What you need to do
Word for word, reproduce the listing that follows, excluding any pictures it contains.

Segment Open

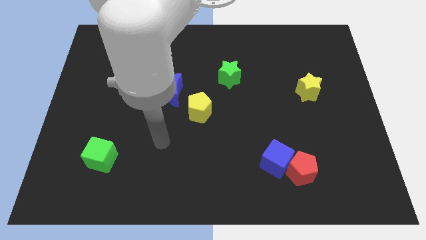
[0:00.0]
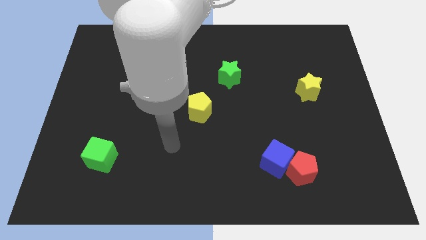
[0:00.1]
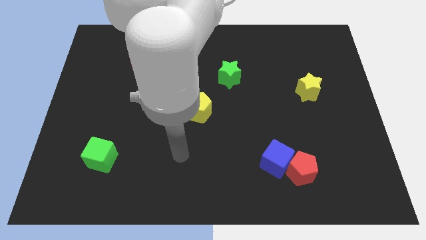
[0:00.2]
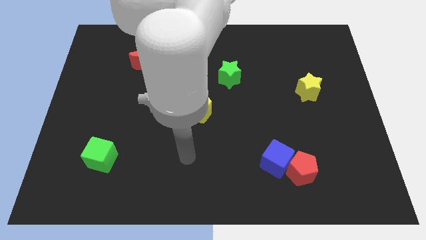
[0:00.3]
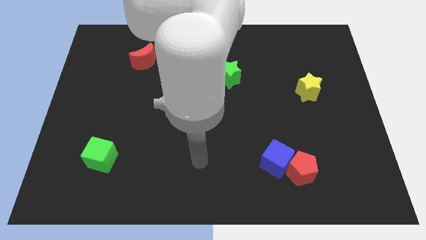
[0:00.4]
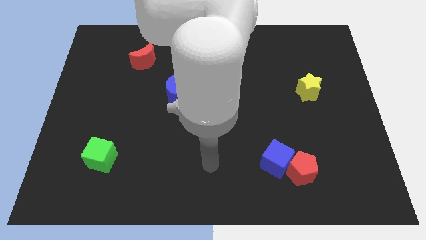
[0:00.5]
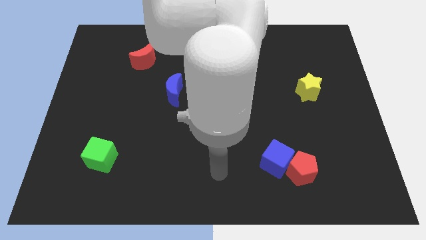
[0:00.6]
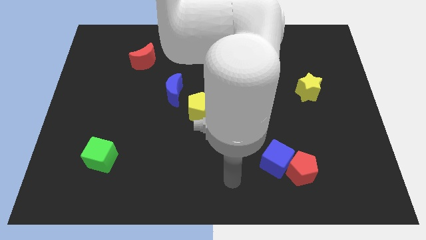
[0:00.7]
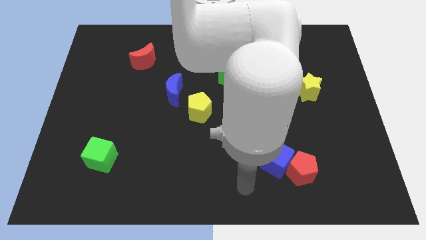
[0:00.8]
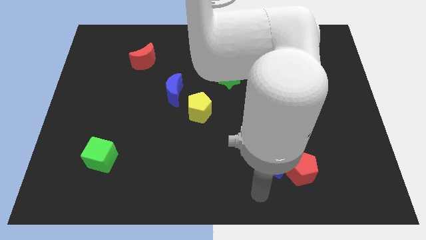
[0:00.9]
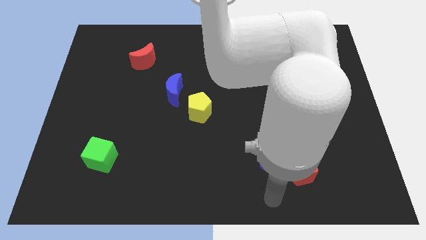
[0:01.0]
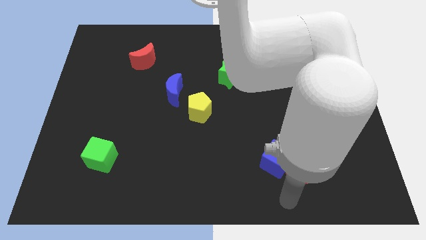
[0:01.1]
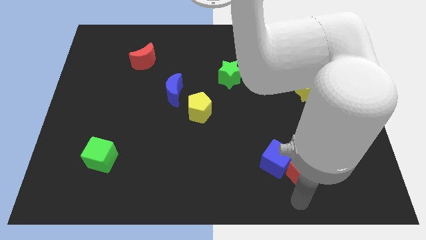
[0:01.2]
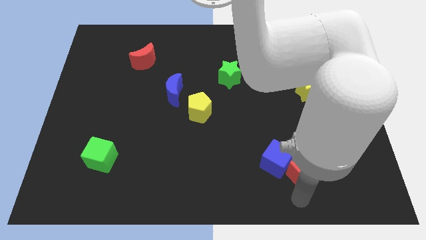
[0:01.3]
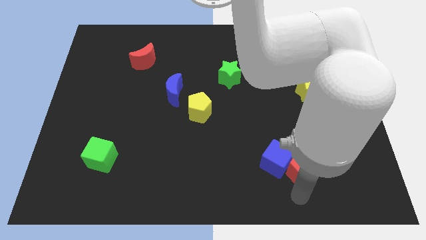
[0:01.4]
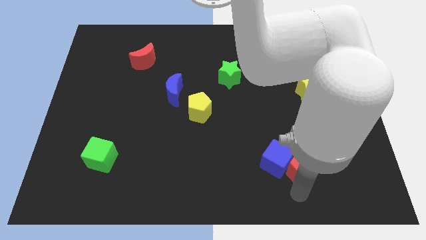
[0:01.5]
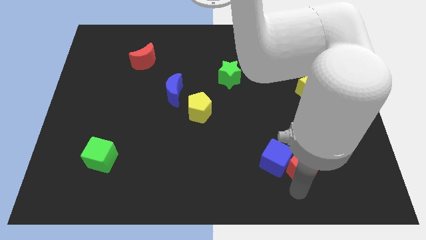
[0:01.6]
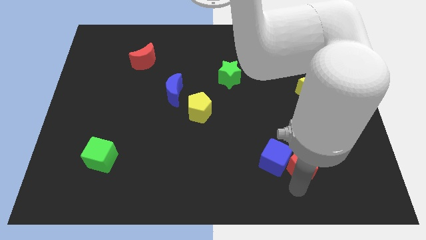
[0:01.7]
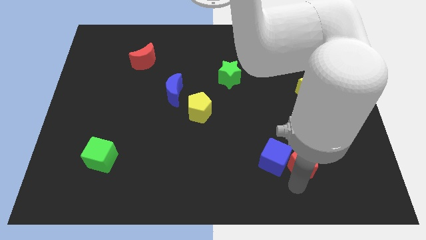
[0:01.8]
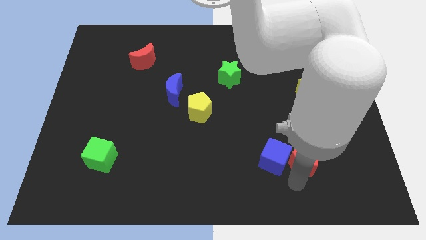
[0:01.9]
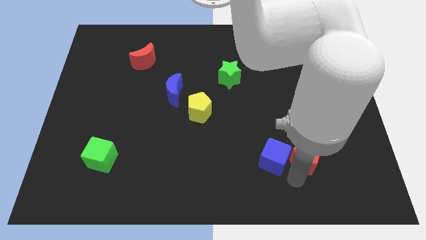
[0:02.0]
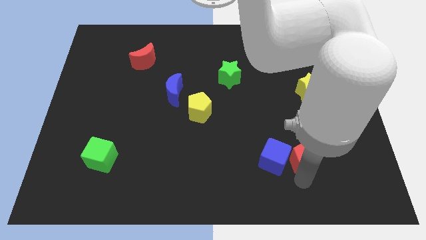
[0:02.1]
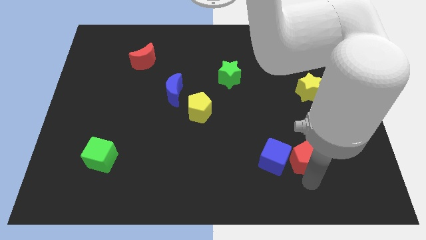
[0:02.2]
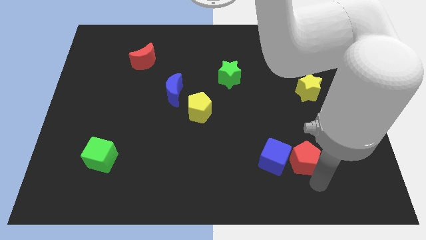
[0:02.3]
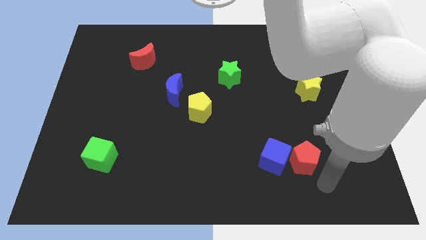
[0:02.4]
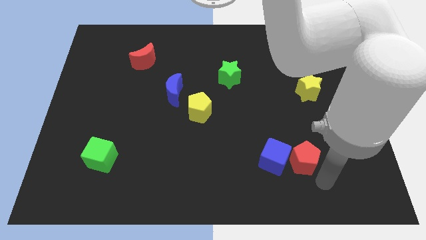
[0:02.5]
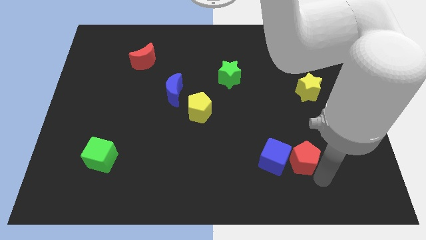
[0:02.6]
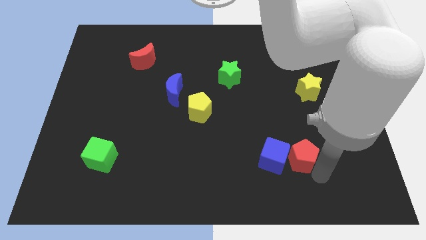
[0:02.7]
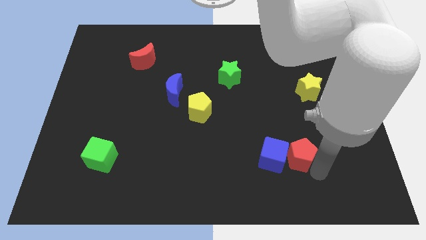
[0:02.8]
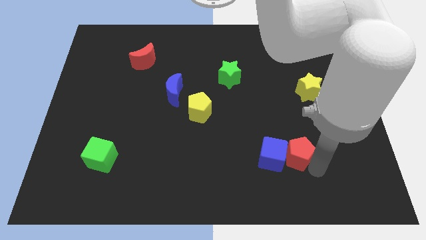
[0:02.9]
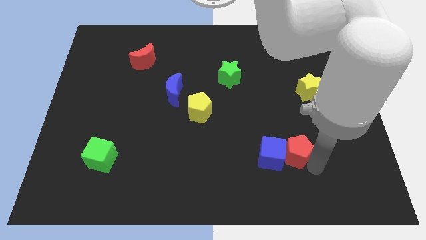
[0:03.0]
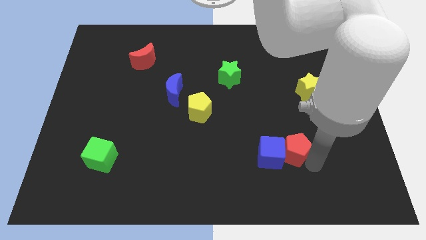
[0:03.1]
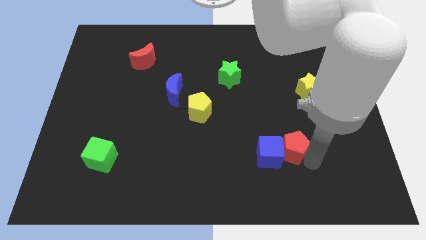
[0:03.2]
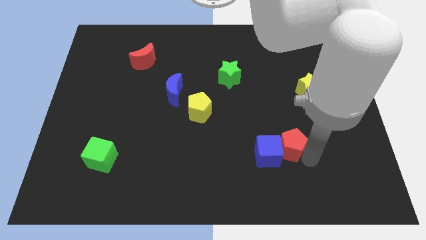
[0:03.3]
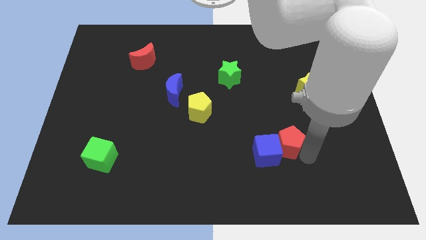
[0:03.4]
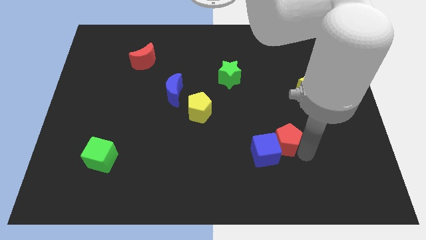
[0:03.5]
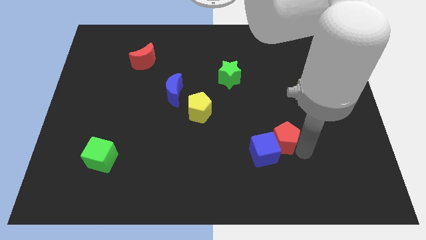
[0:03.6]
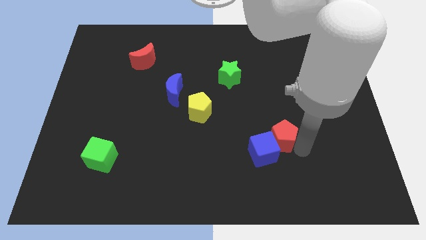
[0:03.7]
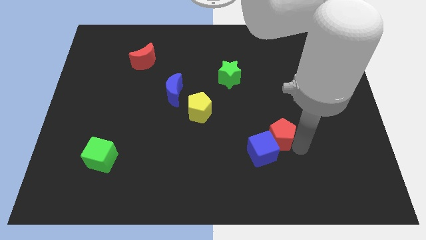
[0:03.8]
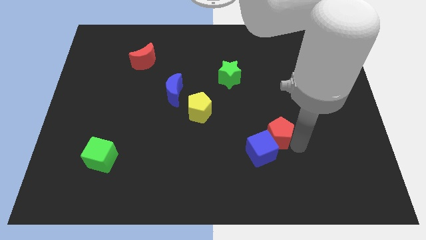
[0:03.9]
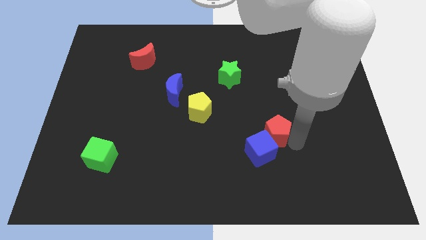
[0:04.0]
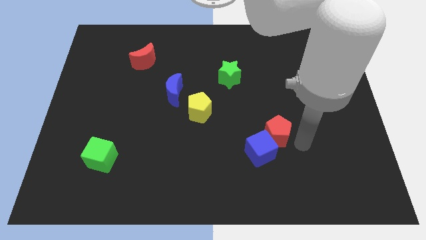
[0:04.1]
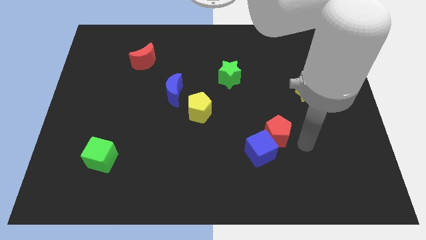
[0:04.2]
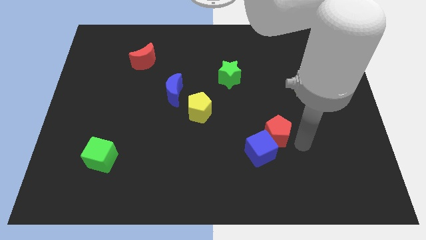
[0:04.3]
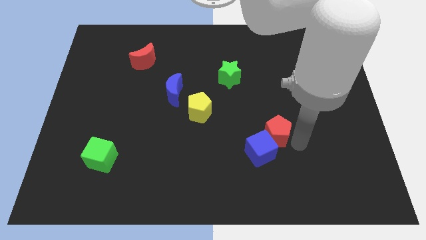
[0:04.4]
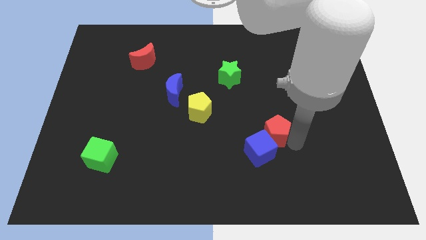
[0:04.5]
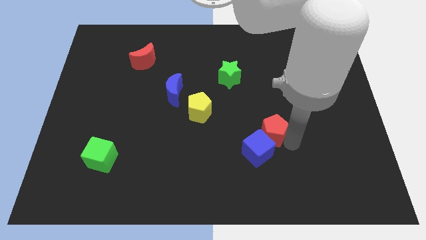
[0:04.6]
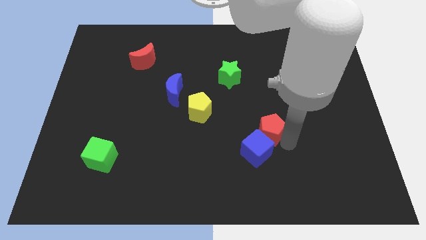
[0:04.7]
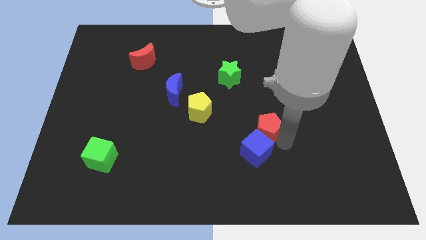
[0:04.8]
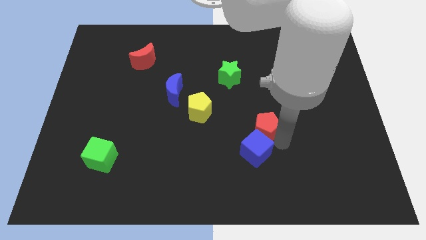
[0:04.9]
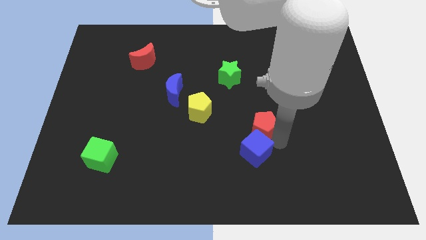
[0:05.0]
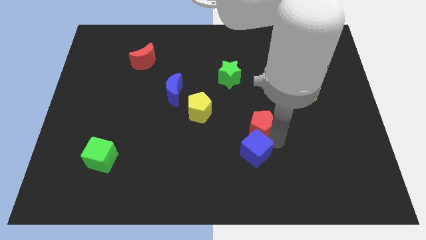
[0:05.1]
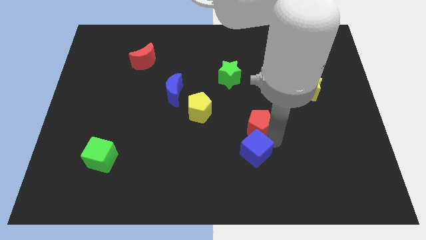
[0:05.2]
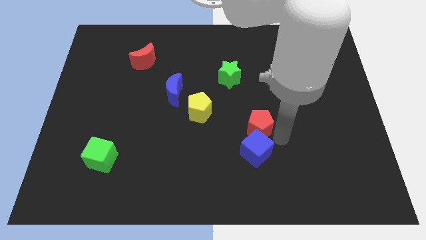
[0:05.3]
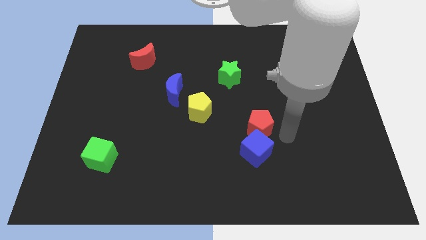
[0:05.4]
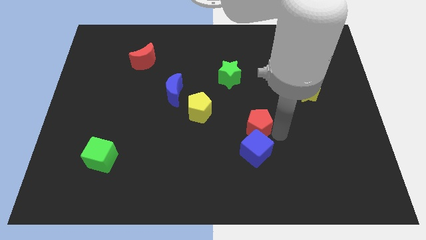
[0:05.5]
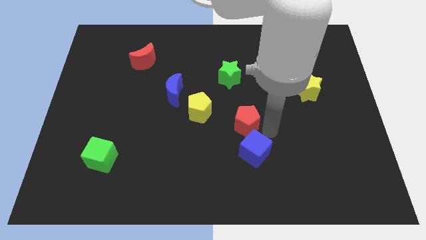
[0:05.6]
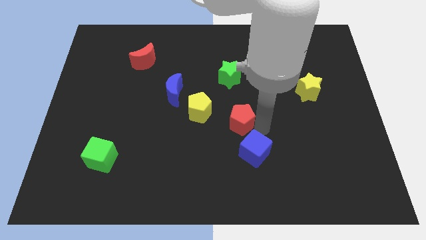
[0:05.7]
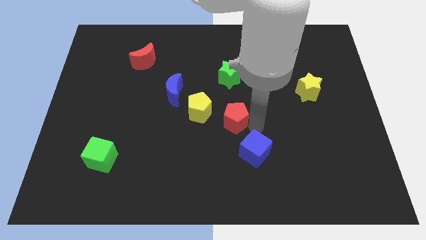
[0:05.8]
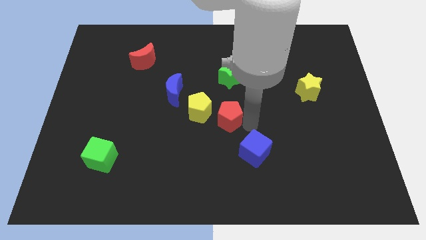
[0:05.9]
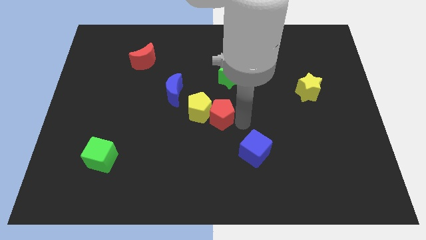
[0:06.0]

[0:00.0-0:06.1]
slide the red pentagon close to the yellow pentagon

Segment Closed

Response box
[0:00.0]
[0:00.1]
[0:00.2]
[0:00.3]
[0:00.4]
[0:00.5]
[0:00.6]
[0:00.7]
[0:00.8]
[0:00.9]
[0:01.0]
[0:01.1]
[0:01.2]
[0:01.3]
[0:01.4]
[0:01.5]
[0:01.6]
[0:01.7]
[0:01.8]
[0:01.9]
[0:02.0]
[0:02.1]
[0:02.2]
[0:02.3]
[0:02.4]
[0:02.5]
[0:02.6]
[0:02.7]
[0:02.8]
[0:02.9]
[0:03.0]
[0:03.1]
[0:03.2]
[0:03.3]
[0:03.4]
[0:03.5]
[0:03.6]
[0:03.7]
[0:03.8]
[0:03.9]
[0:04.0]
[0:04.1]
[0:04.2]
[0:04.3]
[0:04.4]
[0:04.5]
[0:04.6]
[0:04.7]
[0:04.8]
[0:04.9]
[0:05.0]
[0:05.1]
[0:05.2]
[0:05.3]
[0:05.4]
[0:05.5]
[0:05.6]
[0:05.7]
[0:05.8]
[0:05.9]
[0:06.0]

[0:00.0-0:06.1]
slide the red pentagon close to the yellow pentagon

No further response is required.